To do:
Copy all the entries below exactly, but not the pictures.

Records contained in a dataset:
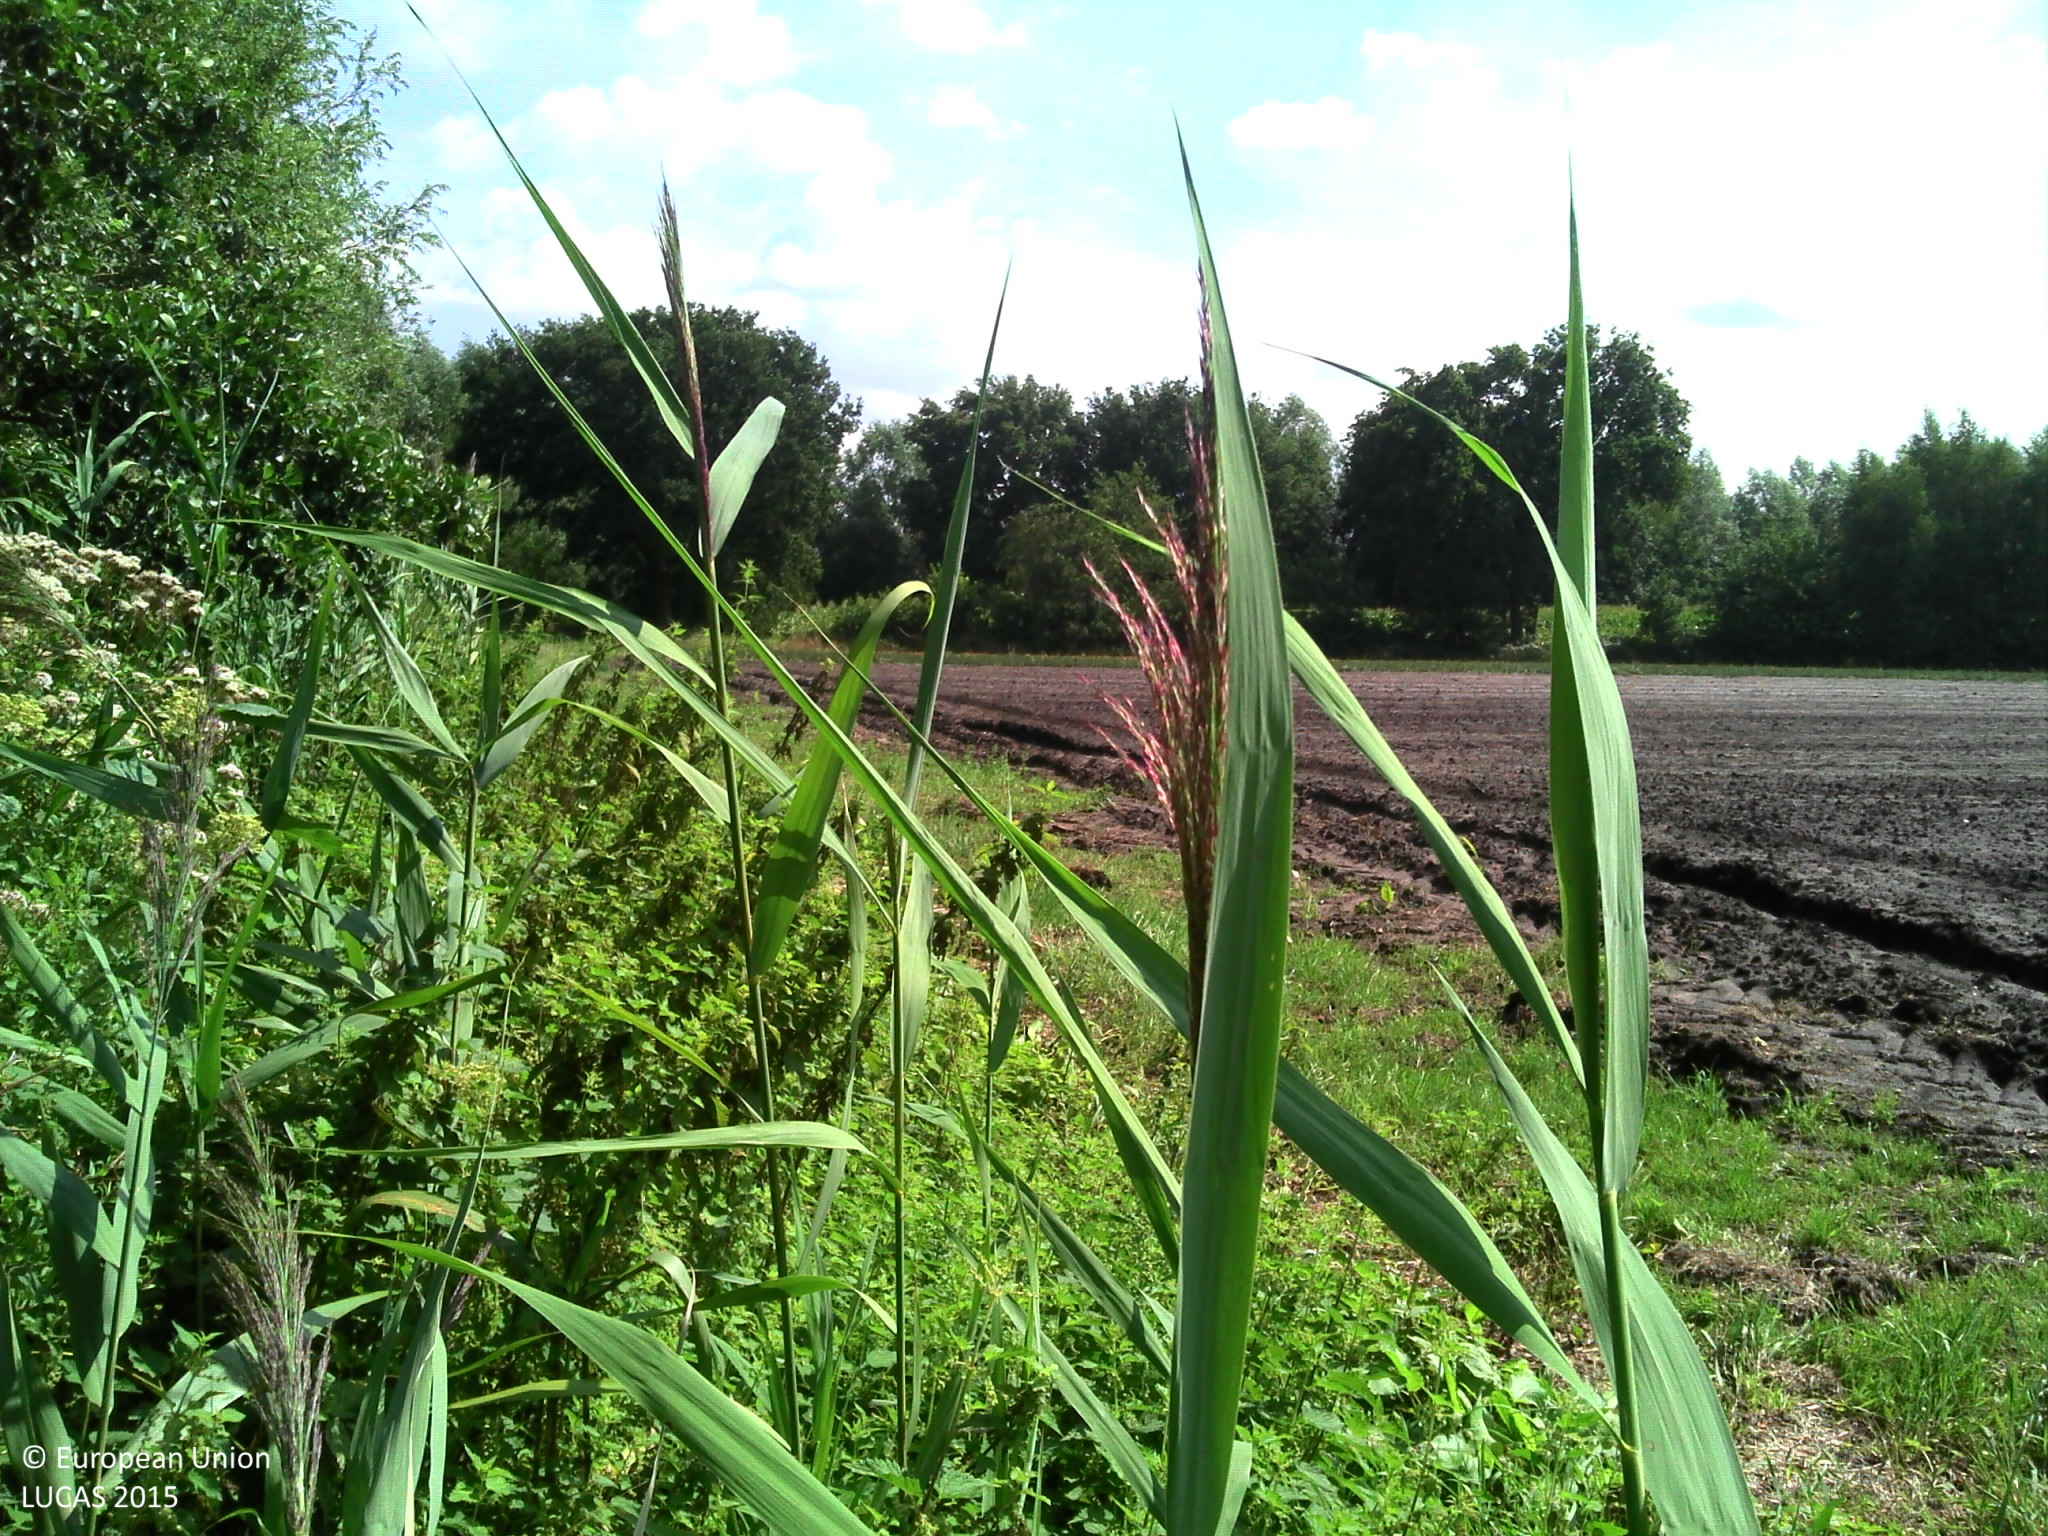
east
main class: Woodland
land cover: Broadleaved woodland
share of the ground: > 75 %
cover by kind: broadleaved forest trees 90 %, herbaceous plants 10 %
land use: Forestry
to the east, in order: Broadleaved woodland; Ditches and canals; Grass margins; Other bare soil; Spontaneously vegetated surfaces; Broadleaved woodland; Spontaneously vegetated surfaces; Rivers and streams; Broadleaved woodland; Grass margins; Fences; Grass margins; Tracks; Grass margins; Fences; Spontaneously vegetated surfaces; Fences; Spontaneously vegetated surfaces; Inland fresh water bodies
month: August
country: BE
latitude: 51.2336
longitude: 5.1423
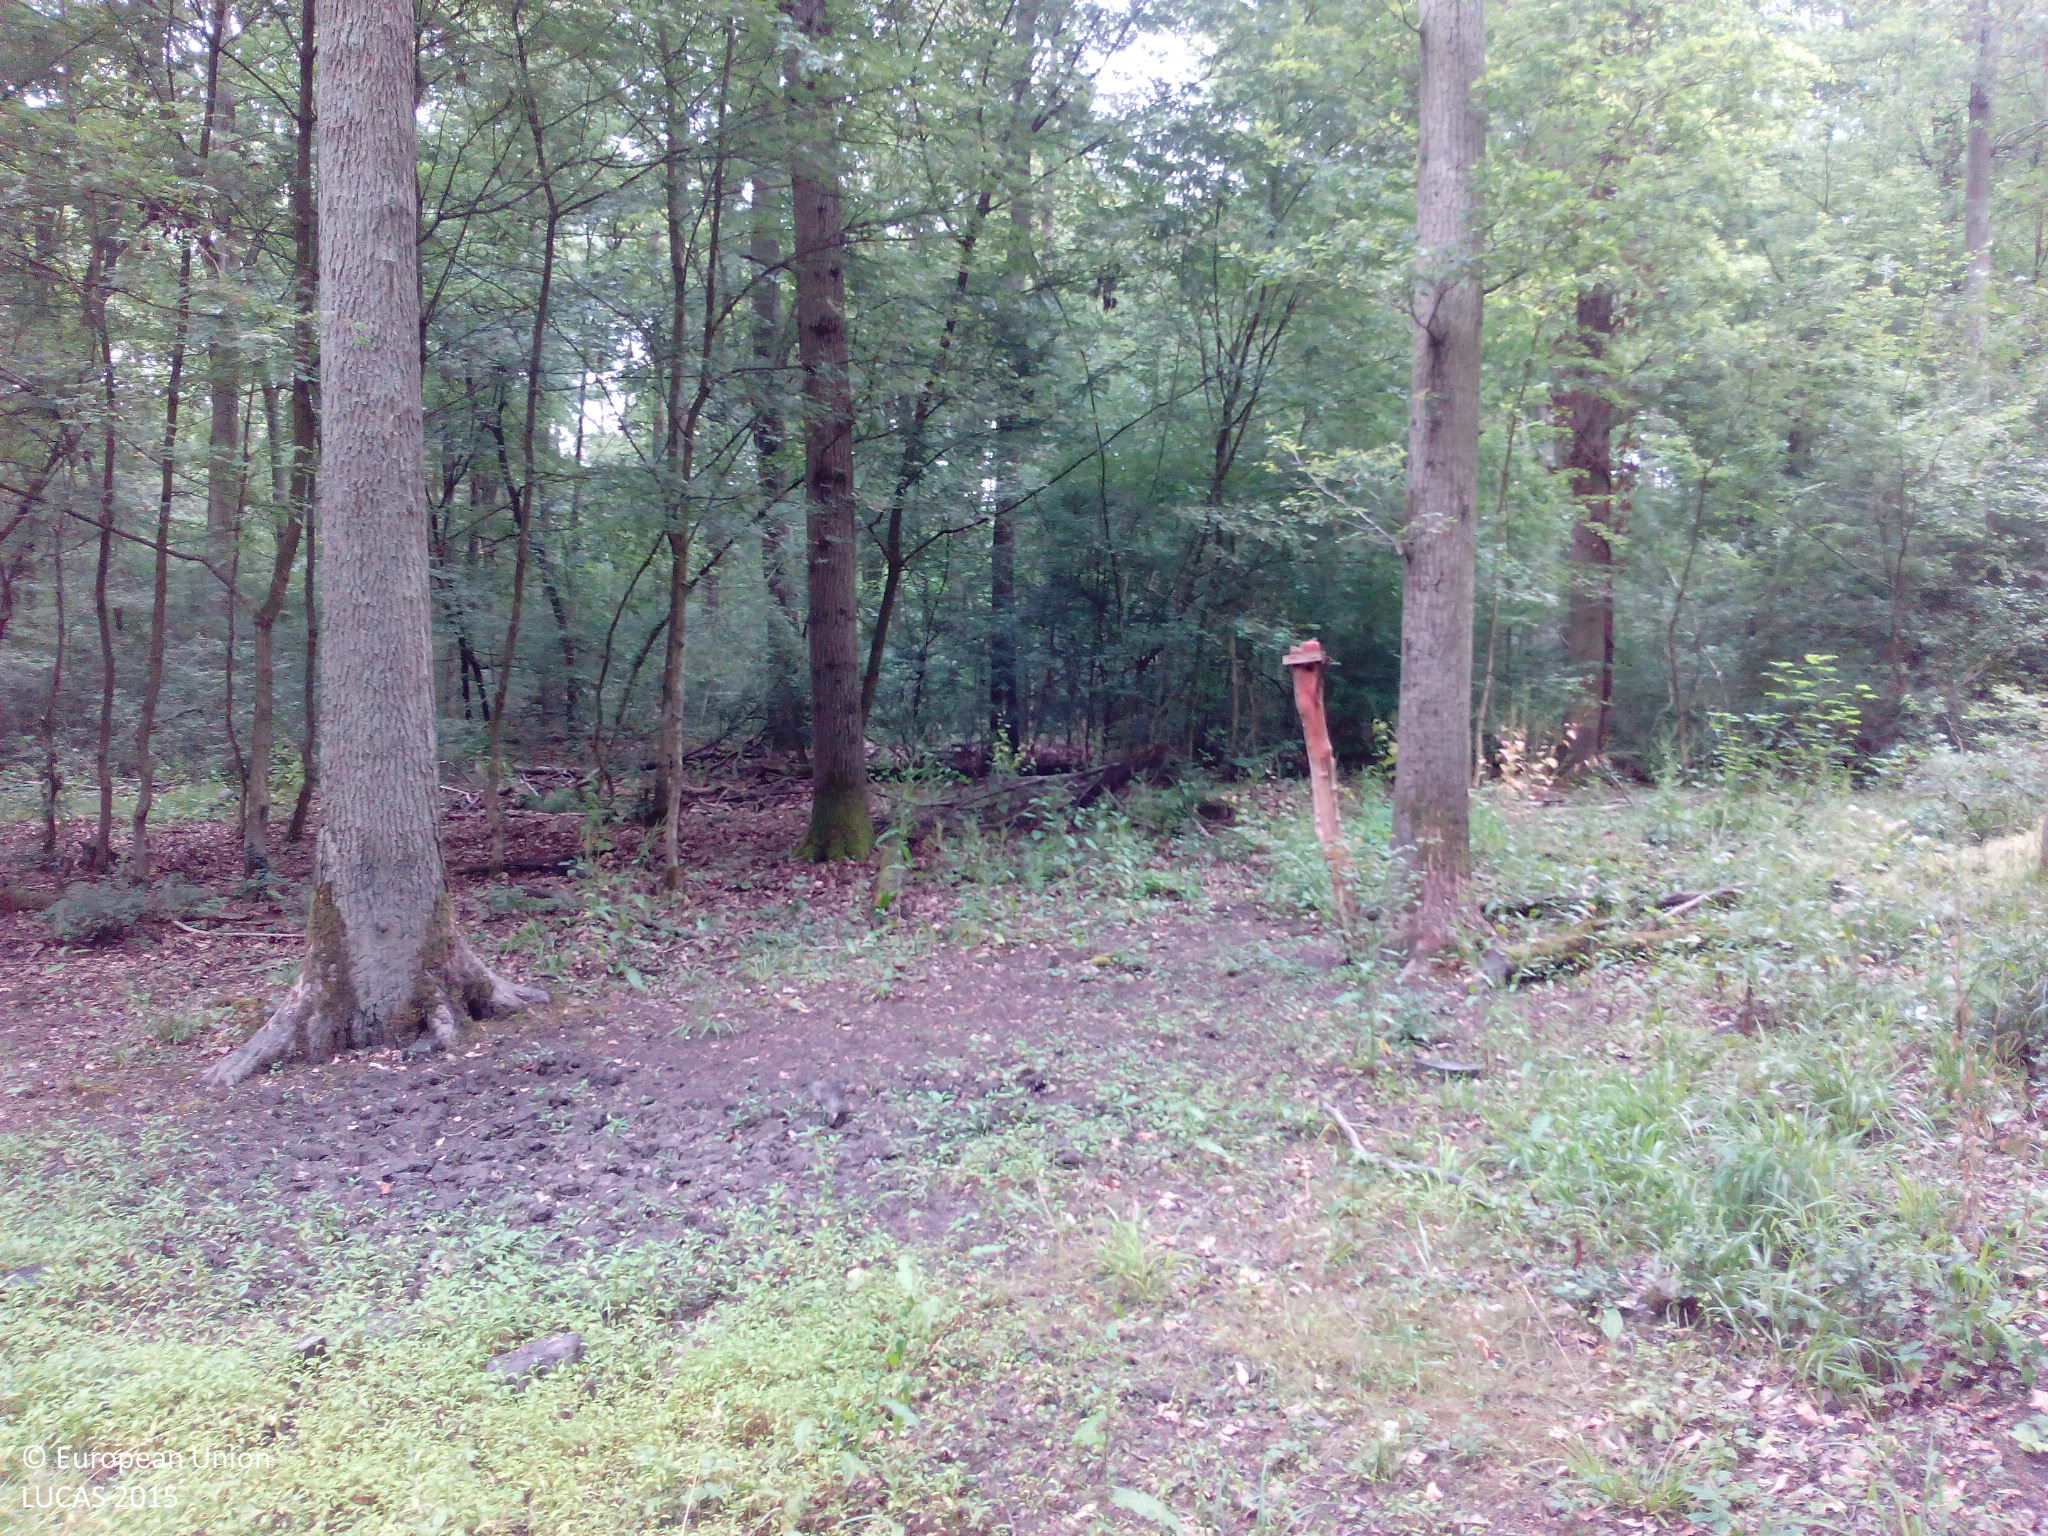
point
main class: Woodland
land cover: Broadleaved woodland
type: mesophytic deciduous forest
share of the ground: 50 - 75 %
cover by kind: broadleaved forest trees 60 %, herbaceous plants 20 %, shrubs 10 %, unconsolidated bare surface 10 %
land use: Forestry
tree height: > 5 m
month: June
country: DE
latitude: 49.7073
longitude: 8.5444

Exercise result:
east
main class: Woodland
land cover: Broadleaved woodland
share of the ground: > 75 %
cover by kind: broadleaved forest trees 90 %, herbaceous plants 10 %
land use: Forestry
to the east, in order: Broadleaved woodland; Ditches and canals; Grass margins; Other bare soil; Spontaneously vegetated surfaces; Broadleaved woodland; Spontaneously vegetated surfaces; Rivers and streams; Broadleaved woodland; Grass margins; Fences; Grass margins; Tracks; Grass margins; Fences; Spontaneously vegetated surfaces; Fences; Spontaneously vegetated surfaces; Inland fresh water bodies
month: August
country: BE
latitude: 51.2336
longitude: 5.1423
point
main class: Woodland
land cover: Broadleaved woodland
type: mesophytic deciduous forest
share of the ground: 50 - 75 %
cover by kind: broadleaved forest trees 60 %, herbaceous plants 20 %, shrubs 10 %, unconsolidated bare surface 10 %
land use: Forestry
tree height: > 5 m
month: June
country: DE
latitude: 49.7073
longitude: 8.5444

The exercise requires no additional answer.